Appendix S1 Code and LUTs Repository
ICD10 to Infection Source Mapping Table
https://github.com/kevihiiin/EHR-Indication-Processing/blob/main/00_Data/LUTs/icd10_ccsr_mapping.csv
Appendix S2 Regex Rule Builder
Appendix S3 GPT4 Prediction Prompt (API)
System prompt:
You are a helpful and precise UK medical expert; you have been given a list of indications describing why antibiotics were prescribed to patients in a hospital. You have been asked to **label** these indications into categories.

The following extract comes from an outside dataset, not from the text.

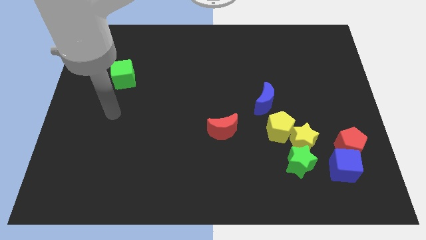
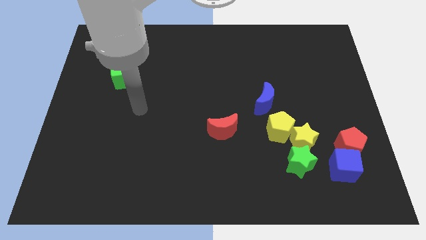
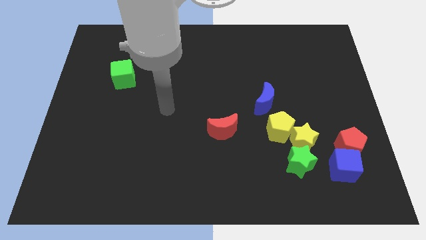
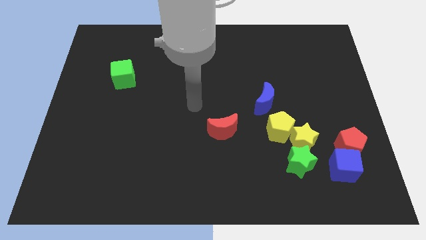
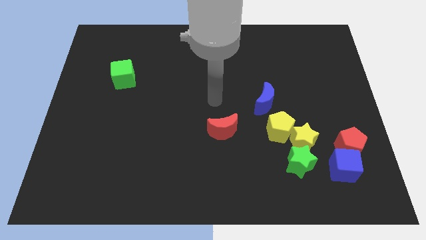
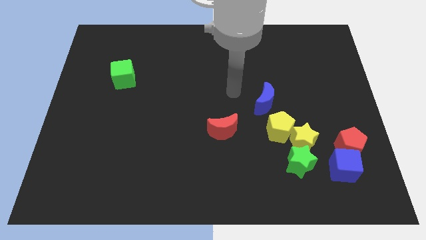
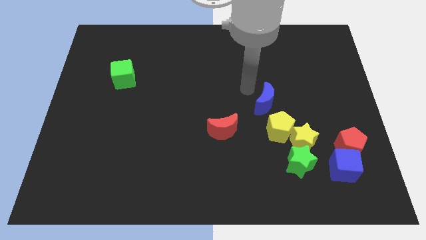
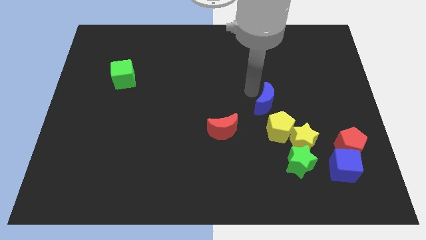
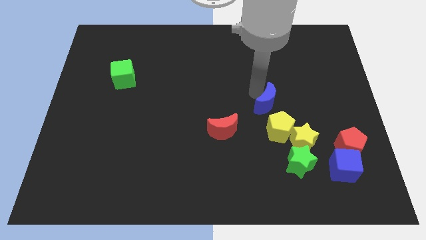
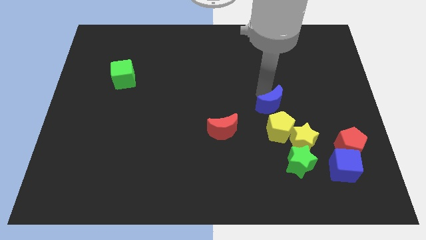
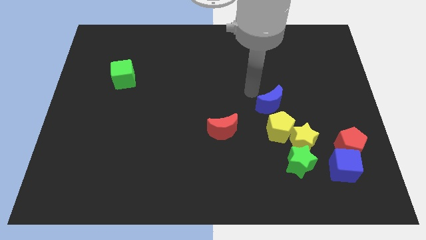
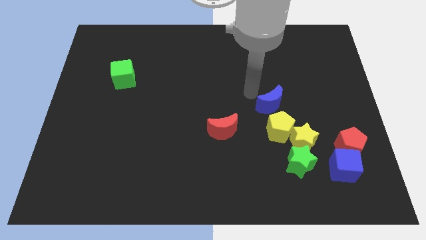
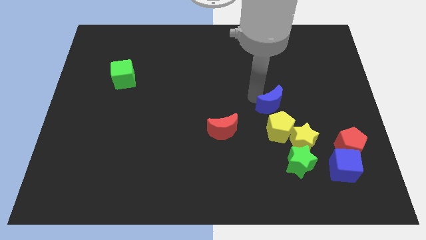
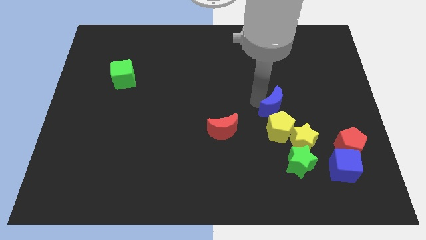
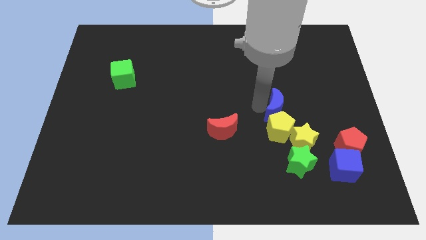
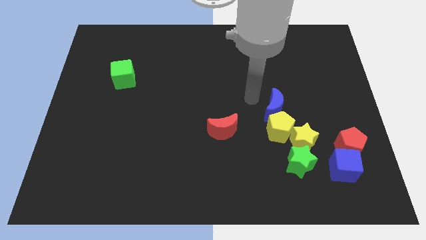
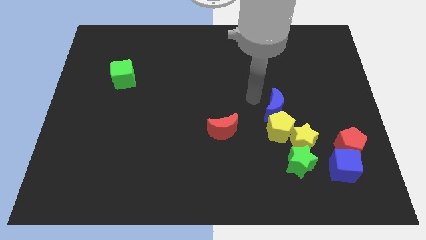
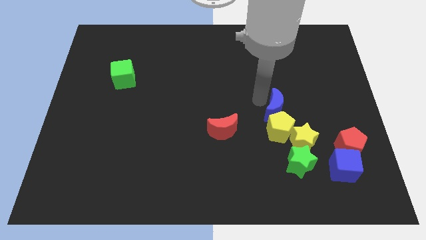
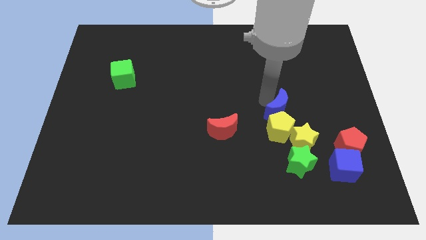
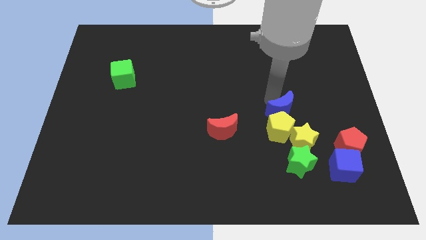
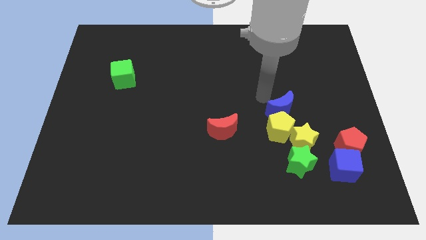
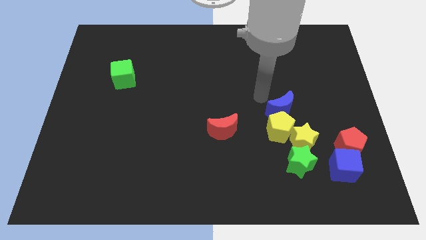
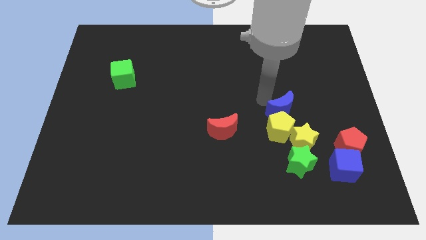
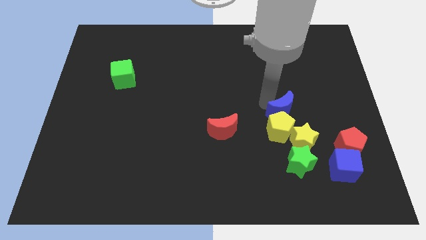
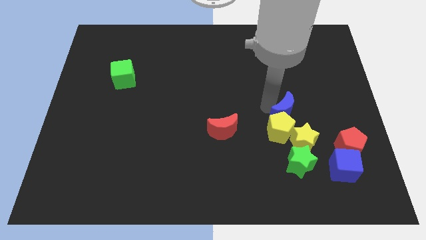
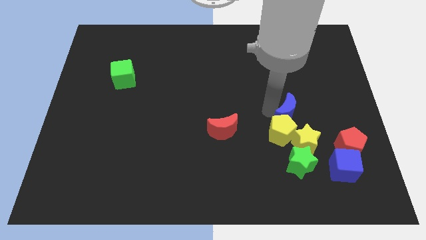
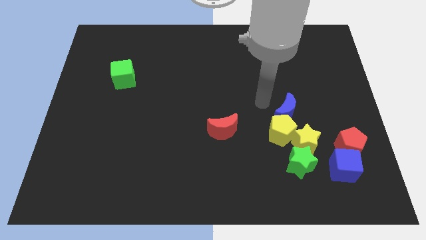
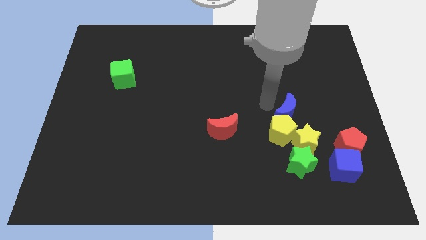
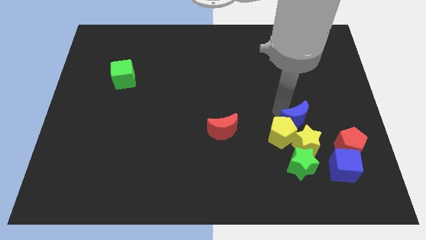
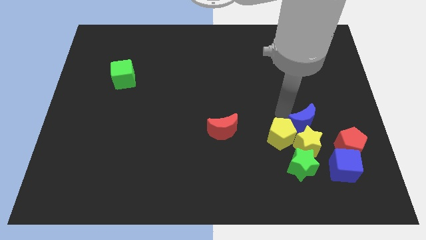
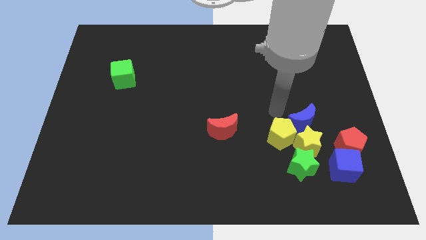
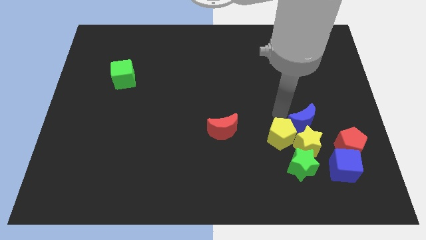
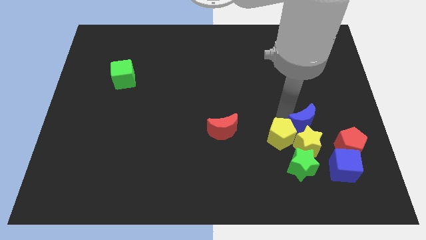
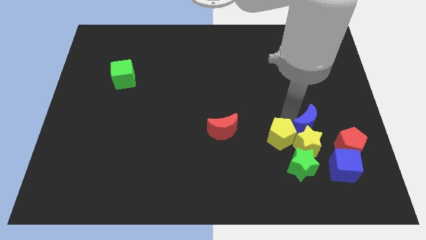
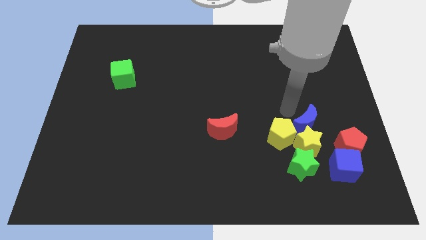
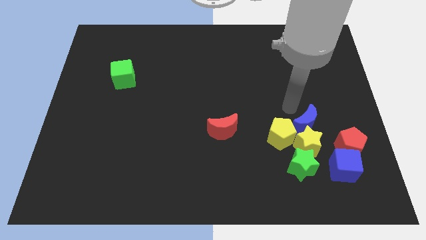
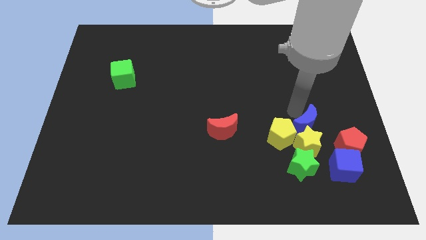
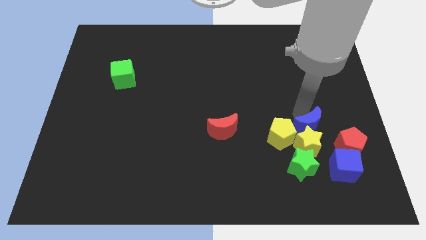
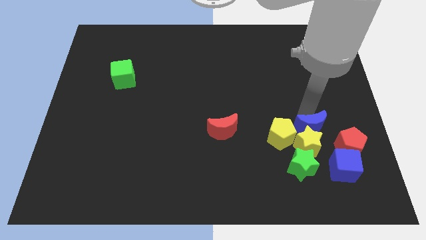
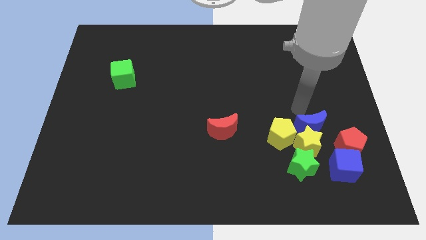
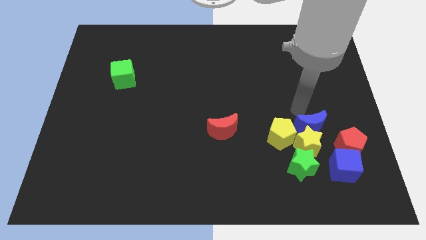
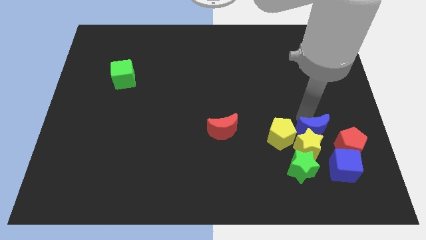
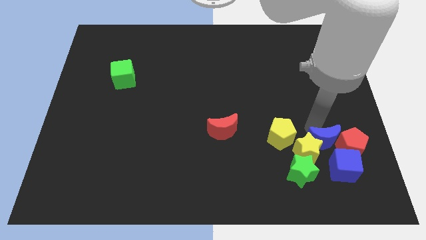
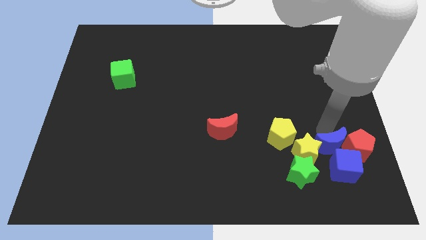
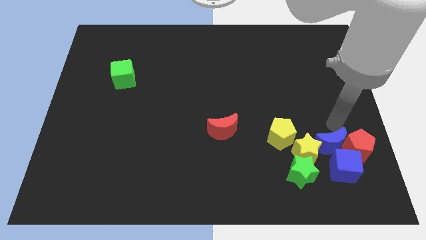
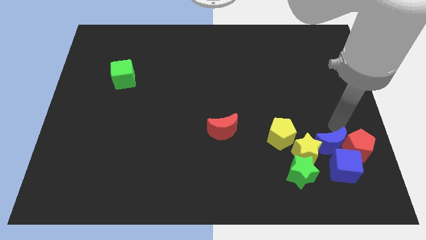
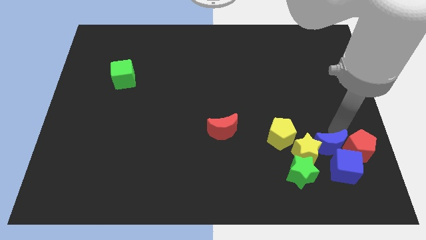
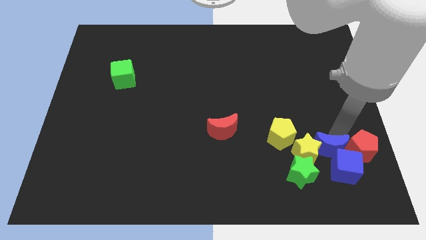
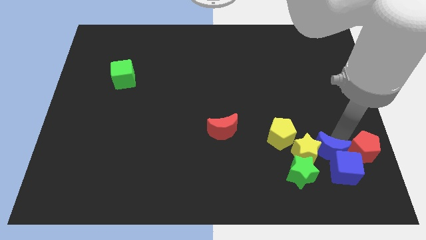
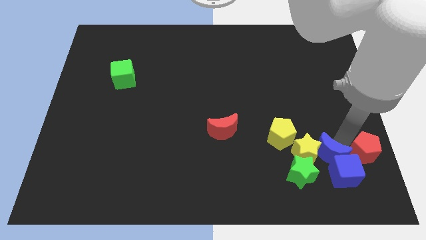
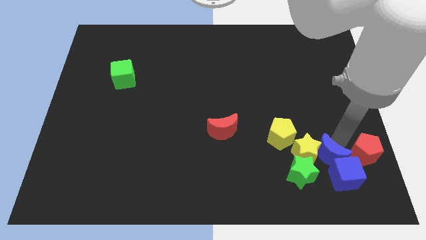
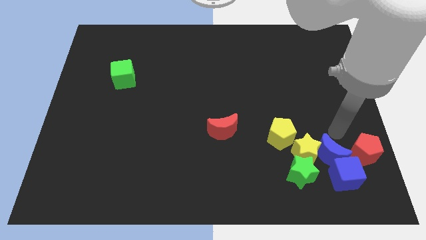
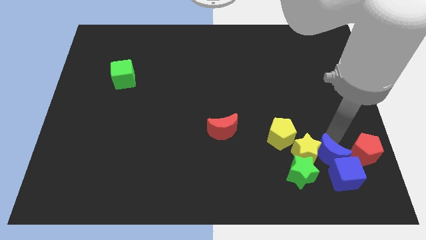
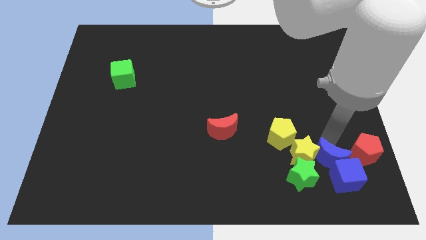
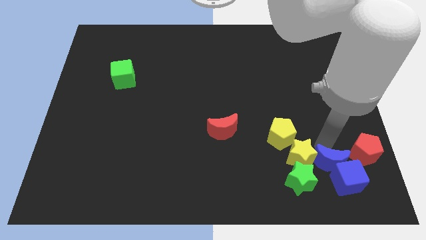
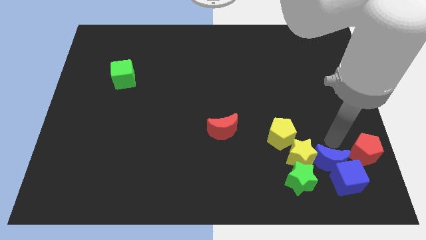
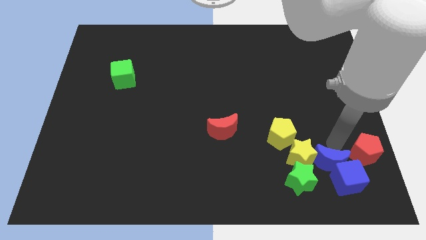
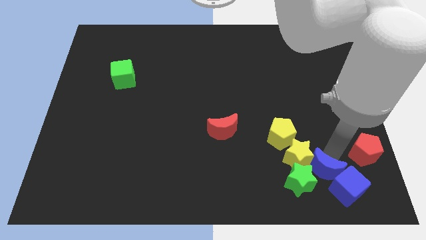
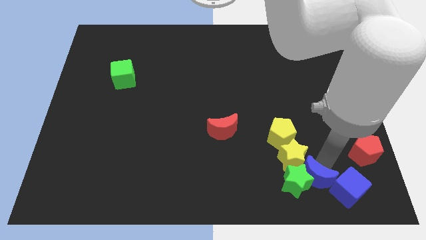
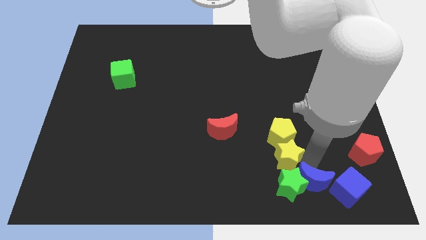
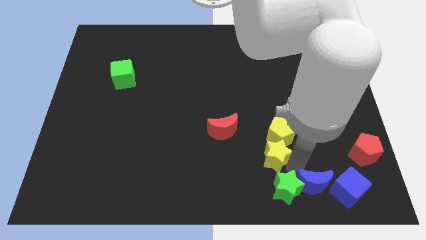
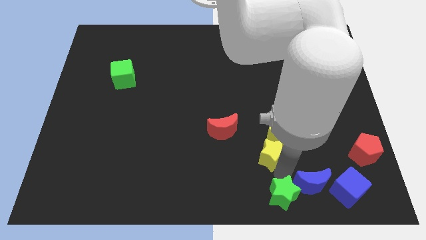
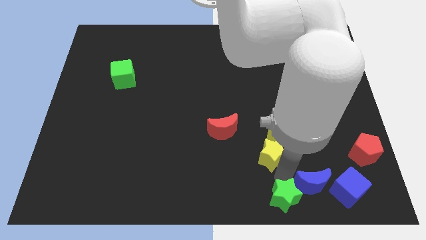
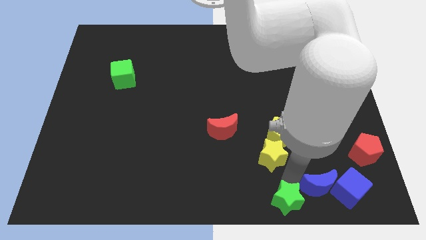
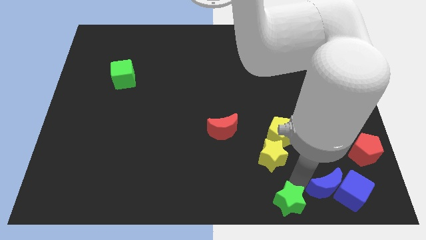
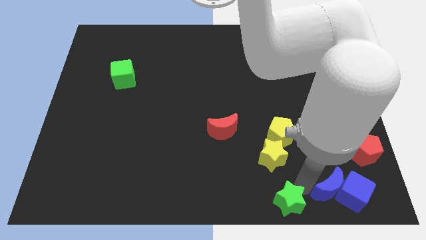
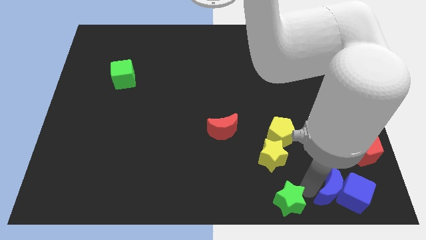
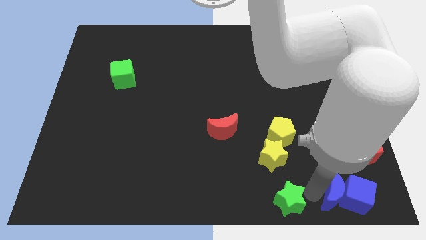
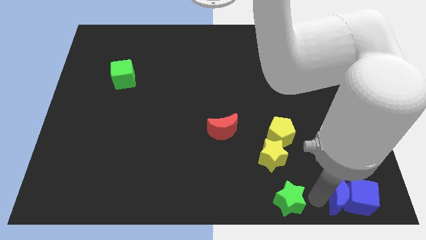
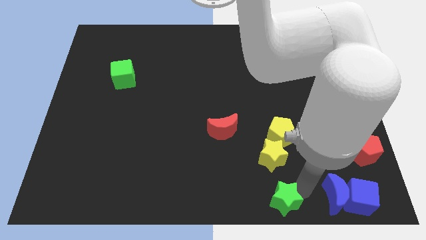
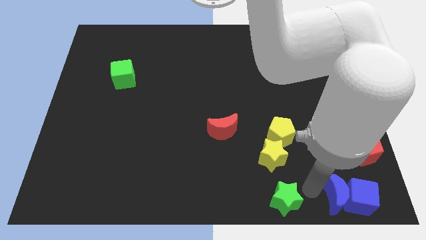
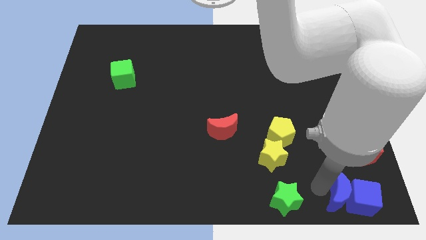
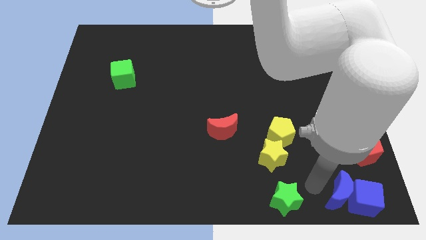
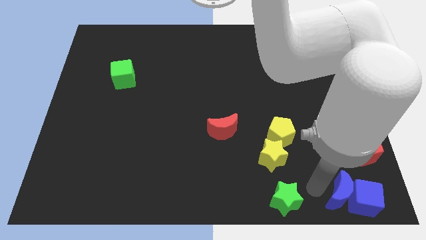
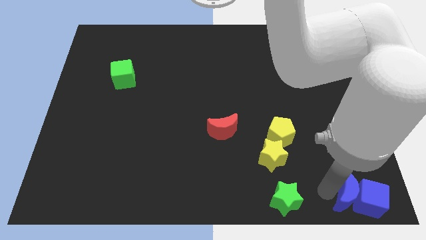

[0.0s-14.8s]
put the blue moon to the bottom right corner

You can only choose from these categories which are: Urinary, Respiratory, Abdominal, Neurological, Skin Soft Tissue, Ent, Orthopaedic, Other Specific, No Specific Source, Prophylaxis, Uncertainty, Not Informative
Multiple categories are allowed.
When returning your answer, please return a json
User prompt:
This is the list of indications, return a json with the categories (multiple allowed) for each indication.
“abdo pathology”,
“sepsis ?hap”,
“artholin abscess”,
[…]
The results are then parsed from the JSON-formated response.
Appendix S4 GPT4 Token Limits
The number of supplied indications per request is limited by the number of output tokens. We determined that 300 input indications result in ∼3800 return tokens, leaving a 10% safety margin for the 4k return limit.